Sez I, “For having some fun in the des, burning off a few calories, why not make them ourselves?”  Tia Marta here to share with you my experiences making Cactus Corn Chips –Nopalito Tortilla Chips.

Young pad of orange flowered O.linheimeri ready for harvesting to make nopal tortilla chips (MABurgess photo)

Notice the leaves on these cladophyll. This is the right stage for harvesting nopales.

Chips are great any time, but now in May (beginning in April) is perfect for this seasonal “specialty.”  Through spring in the Sonoran Desert, our first exercise is to recognize new growth on a prickly pear cactus.  The so called “pads” on a prickly pear are really inflated green stems–not leaves.  These vertical, flat, succulent oval pads (called nowh by the Tohono O’odham and cladodes by botanists) grow out from the edges of mature, spiny pads.  You can recognize the young pads by their thinner shape, their brighter green color, AND the KEY INDICATOR, tiny dunce-cap-shaped prongs at each aereole (spots on the pads where spines emerge.)  These little dunce caps are the only true LEAVES on a cactus!   They are temporary, shed when major heat arrives.   Only harvest pads if you see those little green dunce-caps!!  Be ye warned:  not all pads will do as food. The presence of the tiny leaves shows there is, as yet, no woody tissue inside.  Unless you have the digestive system of a termite to break down cellulose, don’t try to eat mature prickly pear pads.
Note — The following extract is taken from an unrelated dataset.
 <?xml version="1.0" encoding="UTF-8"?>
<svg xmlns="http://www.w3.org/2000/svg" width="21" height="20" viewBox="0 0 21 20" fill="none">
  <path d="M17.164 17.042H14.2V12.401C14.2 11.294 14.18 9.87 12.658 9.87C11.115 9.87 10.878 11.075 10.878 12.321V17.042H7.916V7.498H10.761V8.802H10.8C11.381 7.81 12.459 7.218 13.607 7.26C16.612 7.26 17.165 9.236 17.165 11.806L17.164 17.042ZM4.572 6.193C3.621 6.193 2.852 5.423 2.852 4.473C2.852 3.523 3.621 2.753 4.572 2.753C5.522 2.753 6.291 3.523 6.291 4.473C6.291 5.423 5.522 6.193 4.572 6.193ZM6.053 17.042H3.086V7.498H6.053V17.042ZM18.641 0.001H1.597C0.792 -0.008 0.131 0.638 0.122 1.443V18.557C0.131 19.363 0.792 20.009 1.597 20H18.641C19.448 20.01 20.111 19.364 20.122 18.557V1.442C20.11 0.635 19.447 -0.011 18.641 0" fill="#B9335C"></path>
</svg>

Wild-harvesting the youthful pads will require tongs, a pocketknife, and 360 degree awareness to avoid touching tiny hair-like spines called glochids that are really bothersome in skin or clothing.  Go to www.desertharvesters.org for good instruction.   Far easier to find young pads in town on the semi-spineless nopal in many older yards around Baja Arizona,  the cultivated Indian-fig cactus, Opuntia ficus-indica, first propagated by Nahuatl people of central Mexico.   Better still, I suggest that you grow your own.  What I grow in my garden in harvestable profusion is an orange-flowered species Opuntia lindheimeri, very productive with nopalitos and tunas.  Whichever nopales you harvest, you’ll need to singe off the spines and leaves over a flame or gas stove before you dice them to prep for making our nopalito chips.
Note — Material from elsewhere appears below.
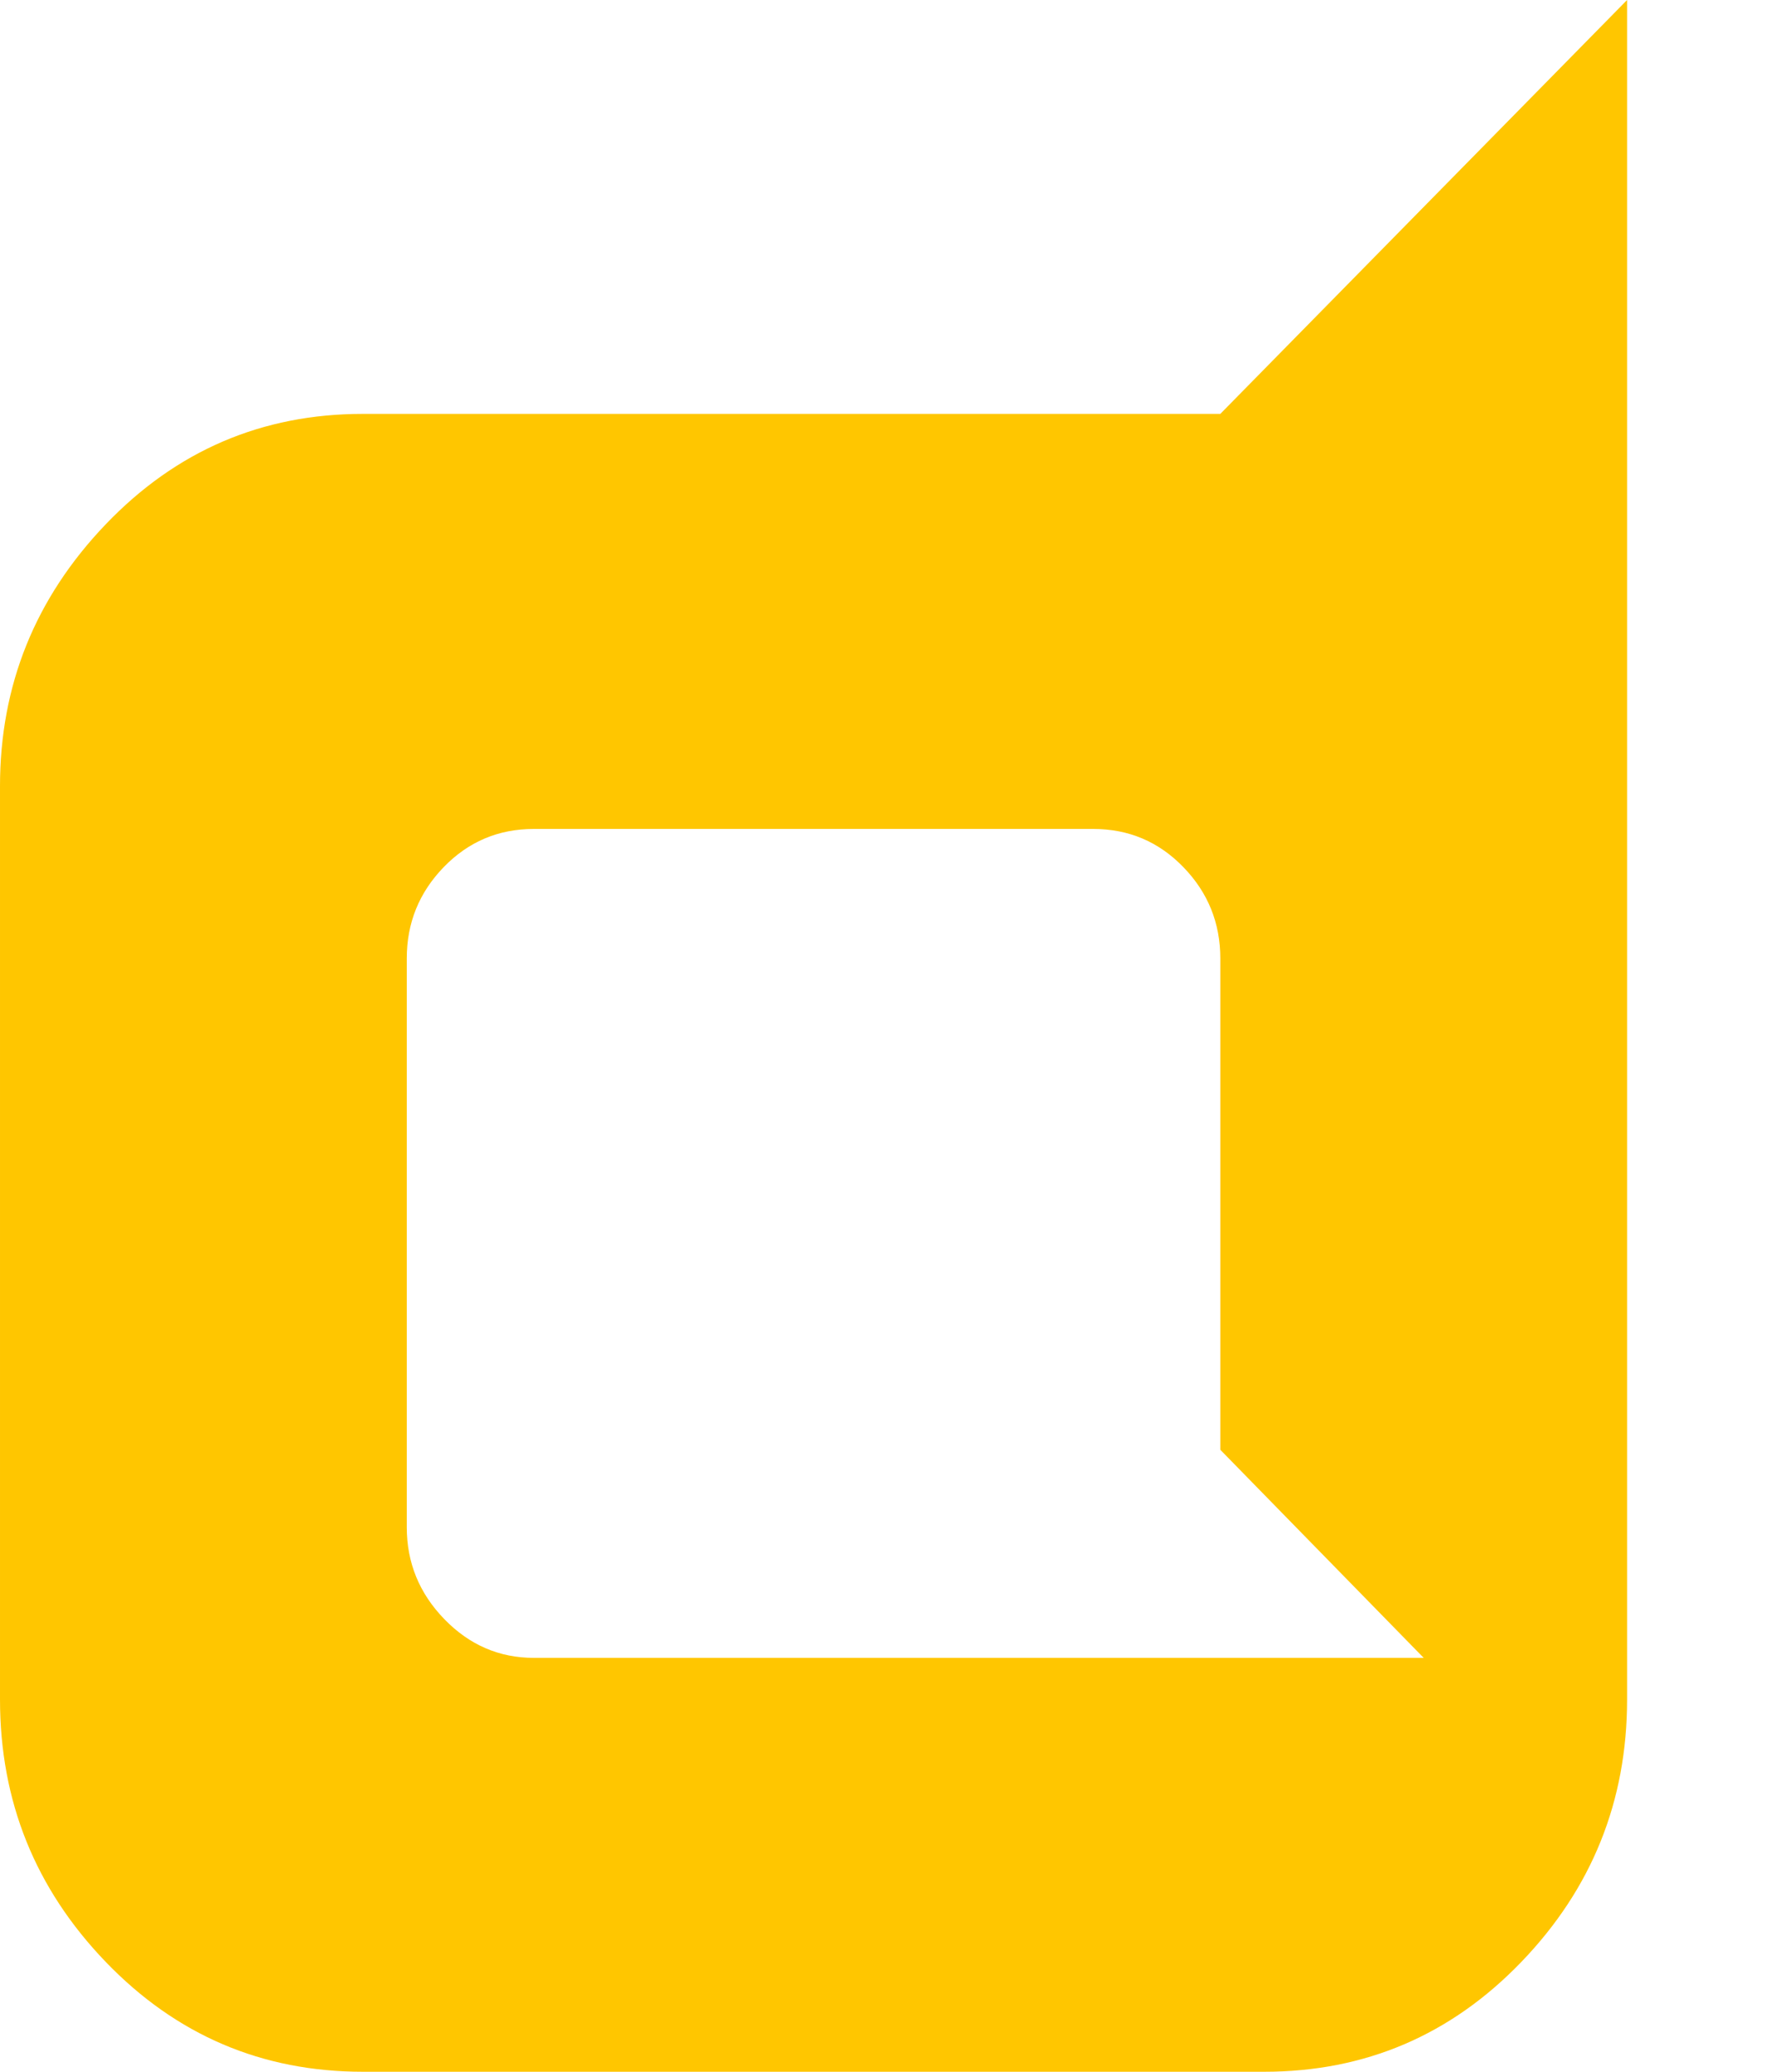 <svg xmlns="http://www.w3.org/2000/svg" width="100%" height="100%" viewBox="0 0 1536 1792"><path fill="#ffc600" d="M0 680q0-131 91.5-226.5t222.5-95.5h742l352-358v1470q0 132-91.5 227t-222.5 95h-780q-131 0-222.5-95t-91.5-227v-790zM1232 1434l-176-180v-425q0-46-32-79t-78-33h-484q-46 0-78 33t-32 79v492q0 46 32.5 79.5t77.5 33.5h770z" /></svg>

Freshly diced nopalitos ready to puree. Labor-saving short cut: these are available from Food City!

The “cheater option”  is to purchase fresh-diced nopalitos or fresh nopal pads in the produce section of Food City.  These are in fact from the same Indian-fig cactus available by reaching over any fence in old neighborhoods.

 

Chopping diced nopalitos in Cuisinart

Pureed fresh nopalitos prepped for mixing with masa to make nopal tortilla chips–pretty weird –such a rich healthy green!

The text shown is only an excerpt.